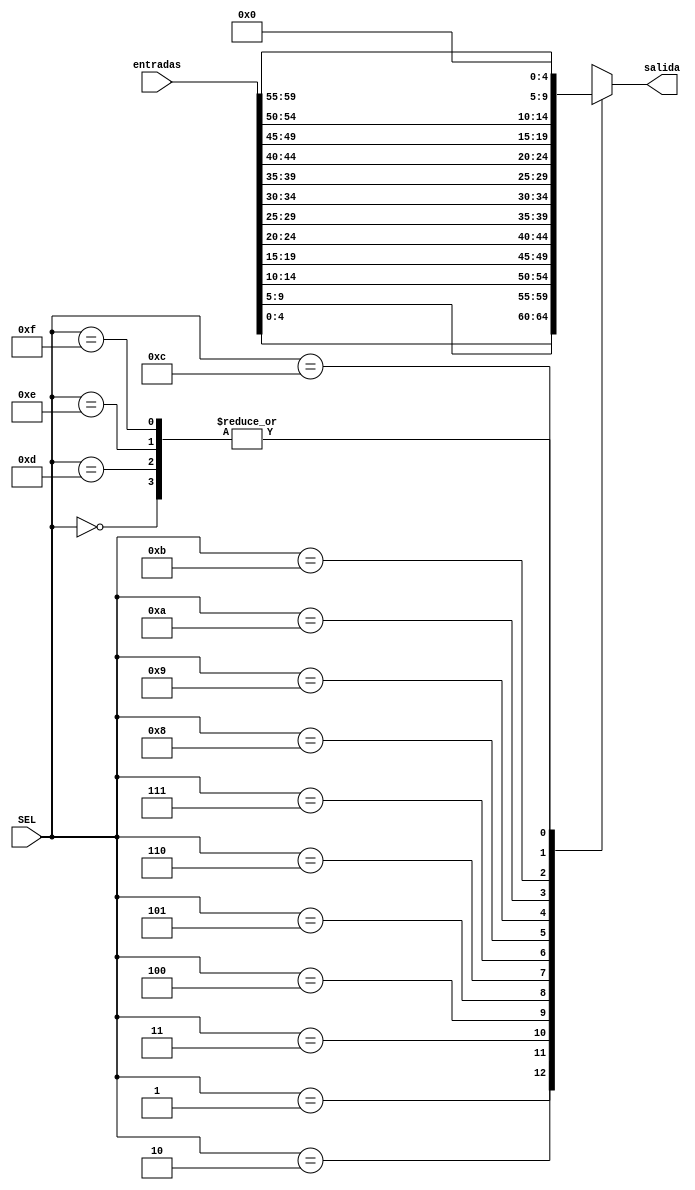
`timescale 1ns / 1ps
//////////////////////////////////////////////////////////////////////////////////
// Company: 
// Engineer: 
// 
// Design Name: 
// Module Name: Mux_16_1_5b
// Project Name: 
// Target Devices: 
// Tool Versions: 
// Description: 
// 
// Dependencies: 
// 
// Revision:
// Revision 0.01 - File Created
// Additional Comments:
// 
//////////////////////////////////////////////////////////////////////////////////


module Mux_16_1_5b(input [3:0] SEL, input [59:0] entradas, output reg [4:0] salida
    );
    always @(SEL, entradas)
        case(SEL)
            4'b0000: salida <= 5'b00000;
            4'b0001: salida <= entradas[4:0];
            4'b0010: salida <= entradas[9:5];
            4'b0011: salida <= entradas[14:10];
            4'b0100: salida <= entradas[19:15];
            4'b0101: salida <= entradas[24:20];
            4'b0110: salida <= entradas[29:25];
            4'b0111: salida <= entradas[34:30];
            4'b1000: salida <= entradas[39:35];
            4'b1001: salida <= entradas[44:40];
            4'b1010: salida <= entradas[49:45];
            4'b1011: salida <= entradas[54:50];
            4'b1100: salida <= entradas[59:55];
            4'b1101: salida <= 5'b00000;
            4'b1110: salida <= 5'b00000;
            4'b1111: salida <= 5'b00000;
        endcase
endmodule
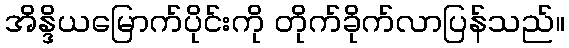
အိန္ဒိယမြောက်ပိုင်းကို တိုက်ခိုက်လာပြန်သည်။
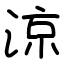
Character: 涼
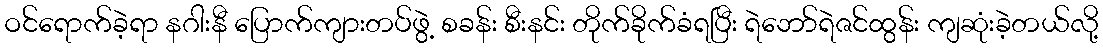
ဝင်ရောက်ခဲ့ရာ နဂါးနီ ပြောက်ကျားတပ်ဖွဲ့ စခန်း စီးနင်း တိုက်ခိုက်ခံရပြီး ရဲဘော်ရဲဇင်ထွန်း ကျဆုံးခဲ့တယ်လို့
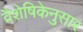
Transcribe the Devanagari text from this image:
वैशेषिकेनुसार
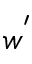
w ^ { ' }
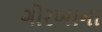
ગોરખાના
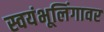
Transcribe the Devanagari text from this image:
स्वयंभूलिंगावर
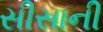
સીસાની
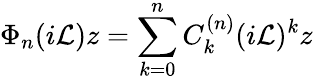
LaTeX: \Phi_{n}(i\mathcal{L})z=\sum_{k=0}^{n}C_{k}^{(n)}(i\mathcal{L})^{k}z
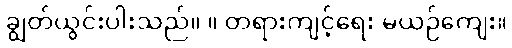
ချွတ်ယွင်းပါးသည်။ ။ တရားကျင့်ရေး မယဉ်ကျေး။
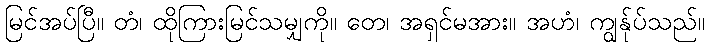
မြင်အပ်ပြီ။ တံ၊ ထိုကြားမြင်သမျှကို။ တေ၊ အရှင်မအား။ အဟံ၊ ကျွန်ုပ်သည်။
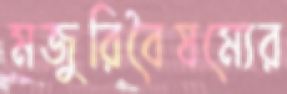
মজুরিবৈষম্যের
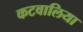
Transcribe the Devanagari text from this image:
कटवालिया
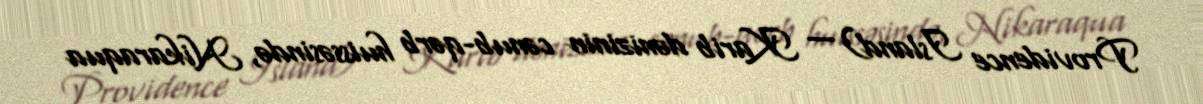
Providence Island) — Karib dənizinin cənub-qərb huissəsində, Nikaraqua
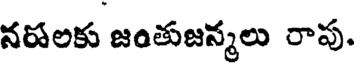
నషలకు జంతుజన్మలు రాపు.
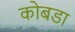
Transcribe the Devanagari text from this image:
कोबडा
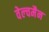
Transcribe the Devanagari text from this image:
वेल्चमैन
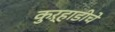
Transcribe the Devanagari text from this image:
कुऱ्हाडीचे
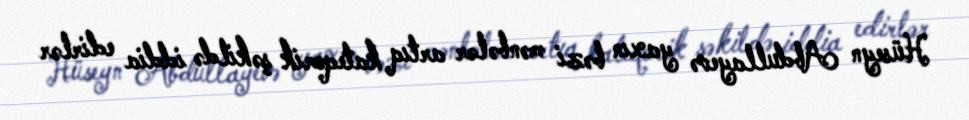
Hüseyn Abdullayevə yaxın bəzi mənbələr artıq kateqorik şəkildə iddia edirlər
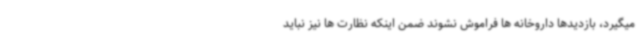
میگیرد، بازدیدها داروخانه ها فراموش نشوند ضمن اینکه نظارت ها نیز نباید
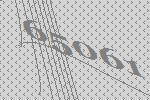
65061
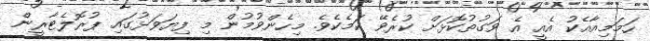
ހަމަމިއާއެކު އެއީ އެ ވަގުތުކޮޅަށް ކުރެވޭ ކަމެކެވެ. މިހެންވުމުން މި ފިޔަވަޅުގައި ޕުރޮލެޓާރީން
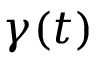
{ \boldsymbol \gamma } ( t )
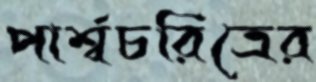
পার্শ্বচরিত্রের
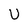
Character: U
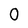
Character: 0
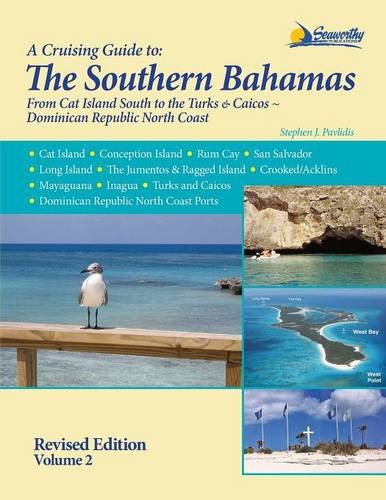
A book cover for The Southern Bahamas Cruising Guide - Volume 2; Stephen J. Pavlidis; Travel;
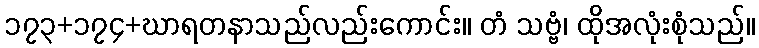
၁၇၃+၁၇၄+ဃာရတနာသည်လည်းကောင်း။ တံ သဗ္ဗံ၊ ထိုအလုံးစုံသည်။
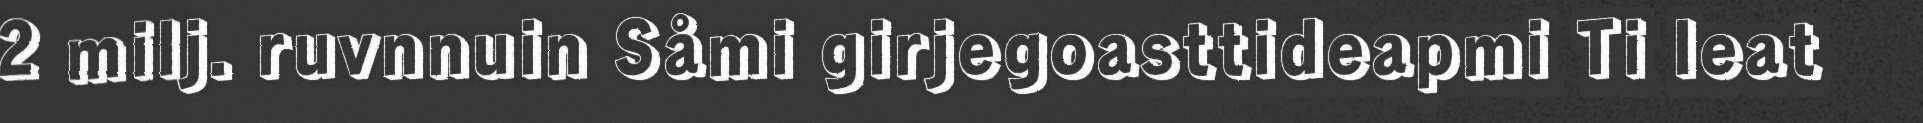
2 milj. ruvnnuin Såmi girjegoasttideapmi Ti leat
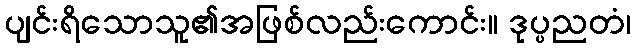
ပျင်းရိသောသူ၏အဖြစ်လည်းကောင်း။ ဒုပ္ပညတံ၊
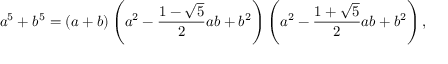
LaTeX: a ^ { 5 } + b ^ { 5 } = ( a + b ) \left( a ^ { 2 } - { \frac { 1 - { \sqrt { 5 } } } { 2 } } a b + b ^ { 2 } \right) \left( a ^ { 2 } - { \frac { 1 + { \sqrt { 5 } } } { 2 } } a b + b ^ { 2 } \right) ,
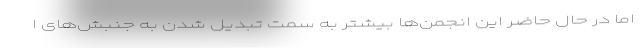
اما در حال حاضر این انجمن‌ها بیشتر به سمت تبدیل شدن به جنبش‌های ا
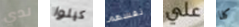
لدي كيلوا نفسهم علي كلا
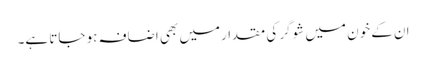
ان کے خون میں شوگر کی مقدارمیں بھی اضافہ ہو جاتا ہے۔

TASK ITEM — Leaving the pictures out, transcribe the entries above exactly as written.

WRITTEN REPLY —
`timescale 1ns / 1ps
//////////////////////////////////////////////////////////////////////////////////
// Company: 
// Engineer: 
// 
// Design Name: 
// Module Name: Mux_16_1_5b
// Project Name: 
// Target Devices: 
// Tool Versions: 
// Description: 
// 
// Dependencies: 
// 
// Revision:
// Revision 0.01 - File Created
// Additional Comments:
// 
//////////////////////////////////////////////////////////////////////////////////


module Mux_16_1_5b(input [3:0] SEL, input [59:0] entradas, output reg [4:0] salida
    );
    always @(SEL, entradas)
        case(SEL)
            4'b0000: salida <= 5'b00000;
            4'b0001: salida <= entradas[4:0];
            4'b0010: salida <= entradas[9:5];
            4'b0011: salida <= entradas[14:10];
            4'b0100: salida <= entradas[19:15];
            4'b0101: salida <= entradas[24:20];
            4'b0110: salida <= entradas[29:25];
            4'b0111: salida <= entradas[34:30];
            4'b1000: salida <= entradas[39:35];
            4'b1001: salida <= entradas[44:40];
            4'b1010: salida <= entradas[49:45];
            4'b1011: salida <= entradas[54:50];
            4'b1100: salida <= entradas[59:55];
            4'b1101: salida <= 5'b00000;
            4'b1110: salida <= 5'b00000;
            4'b1111: salida <= 5'b00000;
        endcase
endmodule
အိန္ဒိယမြောက်ပိုင်းကို တိုက်ခိုက်လာပြန်သည်။
Character: 涼
ဝင်ရောက်ခဲ့ရာ နဂါးနီ ပြောက်ကျားတပ်ဖွဲ့ စခန်း စီးနင်း တိုက်ခိုက်ခံရပြီး ရဲဘော်ရဲဇင်ထွန်း ကျဆုံးခဲ့တယ်လို့
Transcribe the Devanagari text from this image:
वैशेषिकेनुसार
w ^ { ' }
ગોરખાના
Transcribe the Devanagari text from this image:
स्वयंभूलिंगावर
સીસાની
LaTeX: \Phi_{n}(i\mathcal{L})z=\sum_{k=0}^{n}C_{k}^{(n)}(i\mathcal{L})^{k}z
ချွတ်ယွင်းပါးသည်။ ။ တရားကျင့်ရေး မယဉ်ကျေး။
မြင်အပ်ပြီ။ တံ၊ ထိုကြားမြင်သမျှကို။ တေ၊ အရှင်မအား။ အဟံ၊ ကျွန်ုပ်သည်။
মজুরিবৈষম্যের
Transcribe the Devanagari text from this image:
कटवालिया
Providence Island) — Karib dənizinin cənub-qərb huissəsində, Nikaraqua
నషలకు జంతుజన్మలు రాపు.
Transcribe the Devanagari text from this image:
कोबडा
Transcribe the Devanagari text from this image:
वेल्चमैन
Transcribe the Devanagari text from this image:
कुऱ्हाडीचे
Hüseyn Abdullayevə yaxın bəzi mənbələr artıq kateqorik şəkildə iddia edirlər
میگیرد، بازدیدها داروخانه ها فراموش نشوند ضمن اینکه نظارت ها نیز نباید
65061
ހަމަމިއާއެކު އެއީ އެ ވަގުތުކޮޅަށް ކުރެވޭ ކަމެކެވެ. މިހެންވުމުން މި ފިޔަވަޅުގައި ޕުރޮލެޓާރީން
{ \boldsymbol \gamma } ( t )
পার্শ্বচরিত্রের
Character: U
Character: 0
A book cover for The Southern Bahamas Cruising Guide - Volume 2; Stephen J. Pavlidis; Travel;
၁၇၃+၁၇၄+ဃာရတနာသည်လည်းကောင်း။ တံ သဗ္ဗံ၊ ထိုအလုံးစုံသည်။
2 milj. ruvnnuin Såmi girjegoasttideapmi Ti leat
ပျင်းရိသောသူ၏အဖြစ်လည်းကောင်း။ ဒုပ္ပညတံ၊
LaTeX: a ^ { 5 } + b ^ { 5 } = ( a + b ) \left( a ^ { 2 } - { \frac { 1 - { \sqrt { 5 } } } { 2 } } a b + b ^ { 2 } \right) \left( a ^ { 2 } - { \frac { 1 + { \sqrt { 5 } } } { 2 } } a b + b ^ { 2 } \right) ,
اما در حال حاضر این انجمن‌ها بیشتر به سمت تبدیل شدن به جنبش‌های ا
لدي كيلوا نفسهم علي كلا
ان کے خون میں شوگر کی مقدارمیں بھی اضافہ ہو جاتا ہے۔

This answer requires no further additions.